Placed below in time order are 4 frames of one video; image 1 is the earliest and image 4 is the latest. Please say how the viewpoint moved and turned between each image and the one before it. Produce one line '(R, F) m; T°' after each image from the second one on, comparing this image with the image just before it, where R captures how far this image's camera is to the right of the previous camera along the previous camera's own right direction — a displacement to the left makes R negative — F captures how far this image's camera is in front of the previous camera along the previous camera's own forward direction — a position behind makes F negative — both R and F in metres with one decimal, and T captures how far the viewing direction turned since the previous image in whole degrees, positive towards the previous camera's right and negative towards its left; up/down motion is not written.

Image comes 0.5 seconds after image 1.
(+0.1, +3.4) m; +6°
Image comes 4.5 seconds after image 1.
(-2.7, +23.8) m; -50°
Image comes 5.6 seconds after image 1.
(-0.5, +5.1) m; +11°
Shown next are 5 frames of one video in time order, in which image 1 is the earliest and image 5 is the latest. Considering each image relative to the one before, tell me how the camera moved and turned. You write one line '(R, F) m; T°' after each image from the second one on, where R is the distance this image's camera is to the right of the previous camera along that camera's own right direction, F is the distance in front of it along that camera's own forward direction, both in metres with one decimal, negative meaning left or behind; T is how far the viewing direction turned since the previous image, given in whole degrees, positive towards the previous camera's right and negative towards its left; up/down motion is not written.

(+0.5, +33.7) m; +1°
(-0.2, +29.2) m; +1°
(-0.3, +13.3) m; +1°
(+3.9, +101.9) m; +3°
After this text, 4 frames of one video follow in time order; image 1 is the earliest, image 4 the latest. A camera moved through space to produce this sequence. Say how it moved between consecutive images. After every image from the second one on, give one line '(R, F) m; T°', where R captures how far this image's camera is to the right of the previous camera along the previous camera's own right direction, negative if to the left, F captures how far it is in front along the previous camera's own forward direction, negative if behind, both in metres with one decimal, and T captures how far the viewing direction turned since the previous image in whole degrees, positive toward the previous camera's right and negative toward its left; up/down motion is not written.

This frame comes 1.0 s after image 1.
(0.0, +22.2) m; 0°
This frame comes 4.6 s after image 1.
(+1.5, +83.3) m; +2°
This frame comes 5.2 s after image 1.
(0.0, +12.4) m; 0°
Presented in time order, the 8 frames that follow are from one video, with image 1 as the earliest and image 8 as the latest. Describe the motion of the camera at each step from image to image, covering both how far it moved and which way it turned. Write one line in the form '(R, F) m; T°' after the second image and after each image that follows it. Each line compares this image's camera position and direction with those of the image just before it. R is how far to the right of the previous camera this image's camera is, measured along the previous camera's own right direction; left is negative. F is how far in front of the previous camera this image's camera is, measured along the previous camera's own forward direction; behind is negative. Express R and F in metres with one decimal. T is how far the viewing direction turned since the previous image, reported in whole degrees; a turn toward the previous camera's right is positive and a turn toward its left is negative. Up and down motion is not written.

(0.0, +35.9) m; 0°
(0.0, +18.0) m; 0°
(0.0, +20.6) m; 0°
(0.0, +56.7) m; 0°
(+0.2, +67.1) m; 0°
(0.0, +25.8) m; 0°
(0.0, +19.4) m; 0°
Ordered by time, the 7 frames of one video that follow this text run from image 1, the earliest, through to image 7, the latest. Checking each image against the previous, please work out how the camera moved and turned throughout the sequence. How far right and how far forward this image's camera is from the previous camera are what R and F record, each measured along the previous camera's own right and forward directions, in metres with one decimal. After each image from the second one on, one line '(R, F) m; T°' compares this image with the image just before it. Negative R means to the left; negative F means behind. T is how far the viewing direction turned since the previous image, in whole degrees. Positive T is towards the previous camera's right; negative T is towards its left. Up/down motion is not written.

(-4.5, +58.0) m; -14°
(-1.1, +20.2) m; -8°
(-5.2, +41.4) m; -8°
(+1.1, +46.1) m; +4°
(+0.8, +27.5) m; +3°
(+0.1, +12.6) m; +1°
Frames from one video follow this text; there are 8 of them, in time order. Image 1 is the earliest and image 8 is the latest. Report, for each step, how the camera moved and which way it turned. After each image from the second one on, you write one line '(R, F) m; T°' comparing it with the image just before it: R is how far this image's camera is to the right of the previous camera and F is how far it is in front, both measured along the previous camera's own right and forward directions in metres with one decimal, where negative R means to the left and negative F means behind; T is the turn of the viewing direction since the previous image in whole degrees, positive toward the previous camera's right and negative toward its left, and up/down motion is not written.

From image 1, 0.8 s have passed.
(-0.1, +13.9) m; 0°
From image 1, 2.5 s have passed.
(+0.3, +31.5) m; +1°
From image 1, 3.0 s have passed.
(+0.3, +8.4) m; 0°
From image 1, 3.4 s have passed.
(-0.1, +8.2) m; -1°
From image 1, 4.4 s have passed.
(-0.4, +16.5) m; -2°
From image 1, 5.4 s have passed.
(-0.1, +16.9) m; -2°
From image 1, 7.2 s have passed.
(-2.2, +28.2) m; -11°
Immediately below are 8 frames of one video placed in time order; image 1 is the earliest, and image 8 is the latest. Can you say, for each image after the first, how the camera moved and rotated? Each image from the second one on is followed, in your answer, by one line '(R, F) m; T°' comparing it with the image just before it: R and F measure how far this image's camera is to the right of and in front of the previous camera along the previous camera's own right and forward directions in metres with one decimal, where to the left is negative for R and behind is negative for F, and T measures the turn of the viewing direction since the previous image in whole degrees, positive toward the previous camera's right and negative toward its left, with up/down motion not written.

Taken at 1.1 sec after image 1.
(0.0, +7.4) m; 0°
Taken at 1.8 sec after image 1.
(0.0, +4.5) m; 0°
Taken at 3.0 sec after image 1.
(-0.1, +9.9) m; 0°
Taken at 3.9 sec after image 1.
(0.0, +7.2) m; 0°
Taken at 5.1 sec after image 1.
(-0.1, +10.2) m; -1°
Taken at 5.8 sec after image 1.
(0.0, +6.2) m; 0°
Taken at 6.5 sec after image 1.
•••••
__Your task__
Your task is to reproduce all the data exactly as shown.

__Task output__
Placed below in time order are 4 frames of one video; image 1 is the earliest and image 4 is the latest. Please say how the viewpoint moved and turned between each image and the one before it. Produce one line '(R, F) m; T°' after each image from the second one on, comparing this image with the image just before it, where R captures how far this image's camera is to the right of the previous camera along the previous camera's own right direction — a displacement to the left makes R negative — F captures how far this image's camera is in front of the previous camera along the previous camera's own forward direction — a position behind makes F negative — both R and F in metres with one decimal, and T captures how far the viewing direction turned since the previous image in whole degrees, positive towards the previous camera's right and negative towards its left; up/down motion is not written.

Image comes 0.5 seconds after image 1.
(+0.1, +3.4) m; +6°
Image comes 4.5 seconds after image 1.
(-2.7, +23.8) m; -50°
Image comes 5.6 seconds after image 1.
(-0.5, +5.1) m; +11°
Shown next are 5 frames of one video in time order, in which image 1 is the earliest and image 5 is the latest. Considering each image relative to the one before, tell me how the camera moved and turned. You write one line '(R, F) m; T°' after each image from the second one on, where R is the distance this image's camera is to the right of the previous camera along that camera's own right direction, F is the distance in front of it along that camera's own forward direction, both in metres with one decimal, negative meaning left or behind; T is how far the viewing direction turned since the previous image, given in whole degrees, positive towards the previous camera's right and negative towards its left; up/down motion is not written.

(+0.5, +33.7) m; +1°
(-0.2, +29.2) m; +1°
(-0.3, +13.3) m; +1°
(+3.9, +101.9) m; +3°
After this text, 4 frames of one video follow in time order; image 1 is the earliest, image 4 the latest. A camera moved through space to produce this sequence. Say how it moved between consecutive images. After every image from the second one on, give one line '(R, F) m; T°', where R captures how far this image's camera is to the right of the previous camera along the previous camera's own right direction, negative if to the left, F captures how far it is in front along the previous camera's own forward direction, negative if behind, both in metres with one decimal, and T captures how far the viewing direction turned since the previous image in whole degrees, positive toward the previous camera's right and negative toward its left; up/down motion is not written.

This frame comes 1.0 s after image 1.
(0.0, +22.2) m; 0°
This frame comes 4.6 s after image 1.
(+1.5, +83.3) m; +2°
This frame comes 5.2 s after image 1.
(0.0, +12.4) m; 0°
Presented in time order, the 8 frames that follow are from one video, with image 1 as the earliest and image 8 as the latest. Describe the motion of the camera at each step from image to image, covering both how far it moved and which way it turned. Write one line in the form '(R, F) m; T°' after the second image and after each image that follows it. Each line compares this image's camera position and direction with those of the image just before it. R is how far to the right of the previous camera this image's camera is, measured along the previous camera's own right direction; left is negative. F is how far in front of the previous camera this image's camera is, measured along the previous camera's own forward direction; behind is negative. Express R and F in metres with one decimal. T is how far the viewing direction turned since the previous image, reported in whole degrees; a turn toward the previous camera's right is positive and a turn toward its left is negative. Up and down motion is not written.

(0.0, +35.9) m; 0°
(0.0, +18.0) m; 0°
(0.0, +20.6) m; 0°
(0.0, +56.7) m; 0°
(+0.2, +67.1) m; 0°
(0.0, +25.8) m; 0°
(0.0, +19.4) m; 0°
Ordered by time, the 7 frames of one video that follow this text run from image 1, the earliest, through to image 7, the latest. Checking each image against the previous, please work out how the camera moved and turned throughout the sequence. How far right and how far forward this image's camera is from the previous camera are what R and F record, each measured along the previous camera's own right and forward directions, in metres with one decimal. After each image from the second one on, one line '(R, F) m; T°' compares this image with the image just before it. Negative R means to the left; negative F means behind. T is how far the viewing direction turned since the previous image, in whole degrees. Positive T is towards the previous camera's right; negative T is towards its left. Up/down motion is not written.

(-4.5, +58.0) m; -14°
(-1.1, +20.2) m; -8°
(-5.2, +41.4) m; -8°
(+1.1, +46.1) m; +4°
(+0.8, +27.5) m; +3°
(+0.1, +12.6) m; +1°
Frames from one video follow this text; there are 8 of them, in time order. Image 1 is the earliest and image 8 is the latest. Report, for each step, how the camera moved and which way it turned. After each image from the second one on, you write one line '(R, F) m; T°' comparing it with the image just before it: R is how far this image's camera is to the right of the previous camera and F is how far it is in front, both measured along the previous camera's own right and forward directions in metres with one decimal, where negative R means to the left and negative F means behind; T is the turn of the viewing direction since the previous image in whole degrees, positive toward the previous camera's right and negative toward its left, and up/down motion is not written.

From image 1, 0.8 s have passed.
(-0.1, +13.9) m; 0°
From image 1, 2.5 s have passed.
(+0.3, +31.5) m; +1°
From image 1, 3.0 s have passed.
(+0.3, +8.4) m; 0°
From image 1, 3.4 s have passed.
(-0.1, +8.2) m; -1°
From image 1, 4.4 s have passed.
(-0.4, +16.5) m; -2°
From image 1, 5.4 s have passed.
(-0.1, +16.9) m; -2°
From image 1, 7.2 s have passed.
(-2.2, +28.2) m; -11°
Immediately below are 8 frames of one video placed in time order; image 1 is the earliest, and image 8 is the latest. Can you say, for each image after the first, how the camera moved and rotated? Each image from the second one on is followed, in your answer, by one line '(R, F) m; T°' comparing it with the image just before it: R and F measure how far this image's camera is to the right of and in front of the previous camera along the previous camera's own right and forward directions in metres with one decimal, where to the left is negative for R and behind is negative for F, and T measures the turn of the viewing direction since the previous image in whole degrees, positive toward the previous camera's right and negative toward its left, with up/down motion not written.

Taken at 1.1 sec after image 1.
(0.0, +7.4) m; 0°
Taken at 1.8 sec after image 1.
(0.0, +4.5) m; 0°
Taken at 3.0 sec after image 1.
(-0.1, +9.9) m; 0°
Taken at 3.9 sec after image 1.
(0.0, +7.2) m; 0°
Taken at 5.1 sec after image 1.
(-0.1, +10.2) m; -1°
Taken at 5.8 sec after image 1.
(0.0, +6.2) m; 0°
Taken at 6.5 sec after image 1.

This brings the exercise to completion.